- Work to complete
An image-free, word-for-word version of the records below is to be returned.

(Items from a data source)

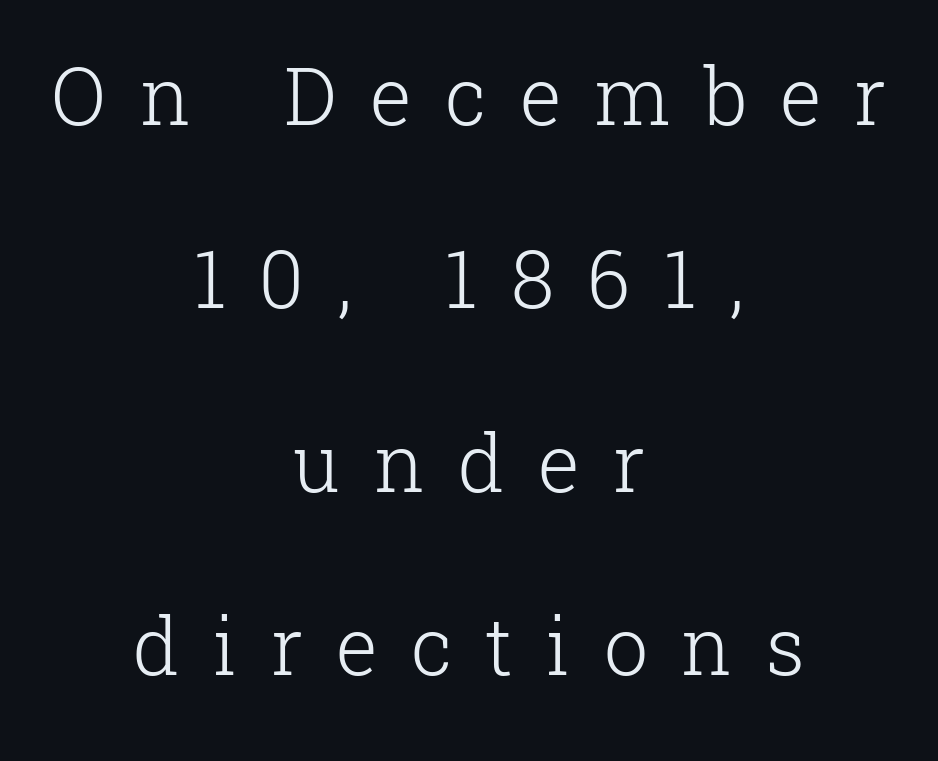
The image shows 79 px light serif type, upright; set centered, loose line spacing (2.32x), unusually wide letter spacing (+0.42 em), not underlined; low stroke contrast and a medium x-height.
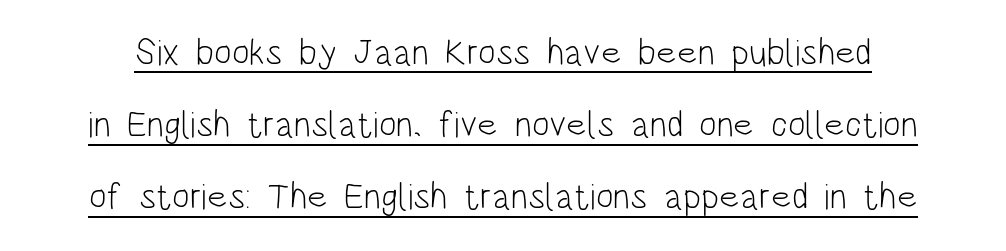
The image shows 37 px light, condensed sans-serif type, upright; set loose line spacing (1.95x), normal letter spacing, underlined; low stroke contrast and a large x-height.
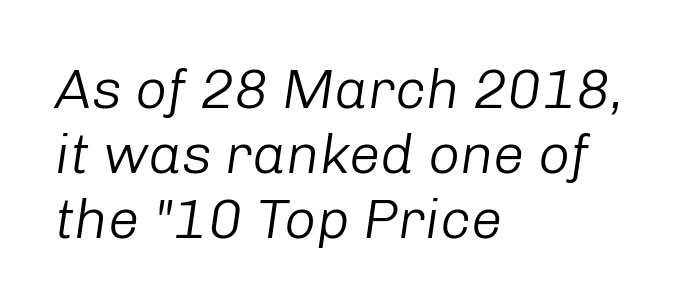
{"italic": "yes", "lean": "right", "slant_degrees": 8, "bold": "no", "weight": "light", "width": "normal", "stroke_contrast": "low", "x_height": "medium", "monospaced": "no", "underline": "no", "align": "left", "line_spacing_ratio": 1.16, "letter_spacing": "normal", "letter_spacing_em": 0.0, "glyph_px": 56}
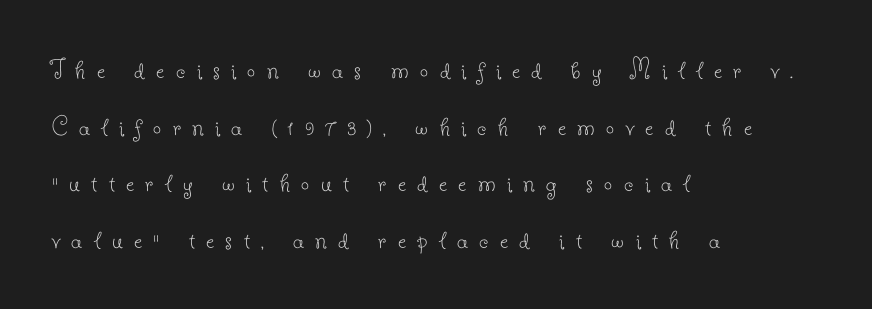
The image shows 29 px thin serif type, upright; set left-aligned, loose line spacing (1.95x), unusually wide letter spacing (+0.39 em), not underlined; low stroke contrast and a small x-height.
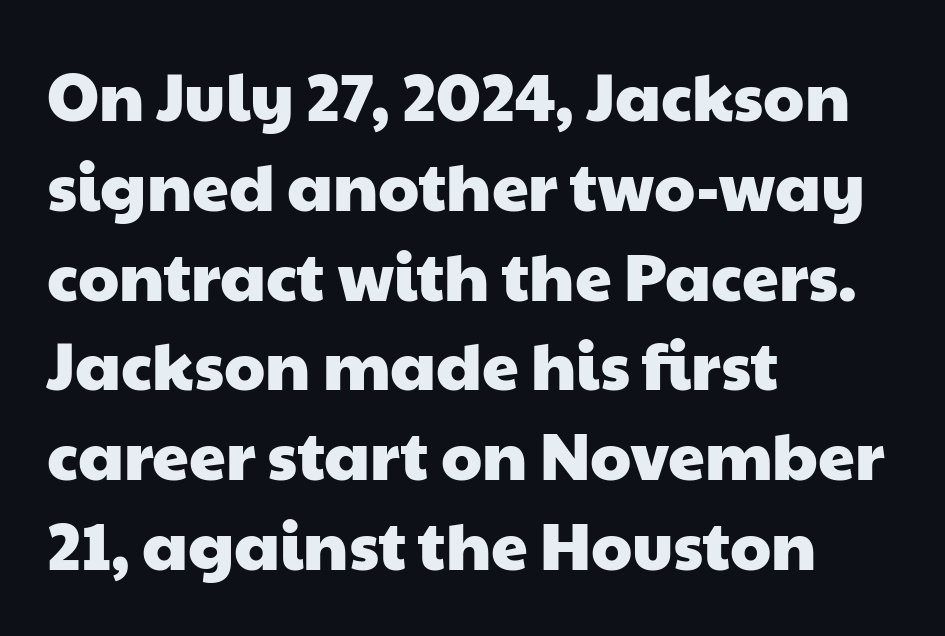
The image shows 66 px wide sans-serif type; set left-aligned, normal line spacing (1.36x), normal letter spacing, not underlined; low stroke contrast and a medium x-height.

- Answer to this task
The image shows 79 px light serif type, upright; set centered, loose line spacing (2.32x), unusually wide letter spacing (+0.42 em), not underlined; low stroke contrast and a medium x-height.
The image shows 37 px light, condensed sans-serif type, upright; set loose line spacing (1.95x), normal letter spacing, underlined; low stroke contrast and a large x-height.
{"italic": "yes", "lean": "right", "slant_degrees": 8, "bold": "no", "weight": "light", "width": "normal", "stroke_contrast": "low", "x_height": "medium", "monospaced": "no", "underline": "no", "align": "left", "line_spacing_ratio": 1.16, "letter_spacing": "normal", "letter_spacing_em": 0.0, "glyph_px": 56}
The image shows 29 px thin serif type, upright; set left-aligned, loose line spacing (1.95x), unusually wide letter spacing (+0.39 em), not underlined; low stroke contrast and a small x-height.
The image shows 66 px wide sans-serif type; set left-aligned, normal line spacing (1.36x), normal letter spacing, not underlined; low stroke contrast and a medium x-height.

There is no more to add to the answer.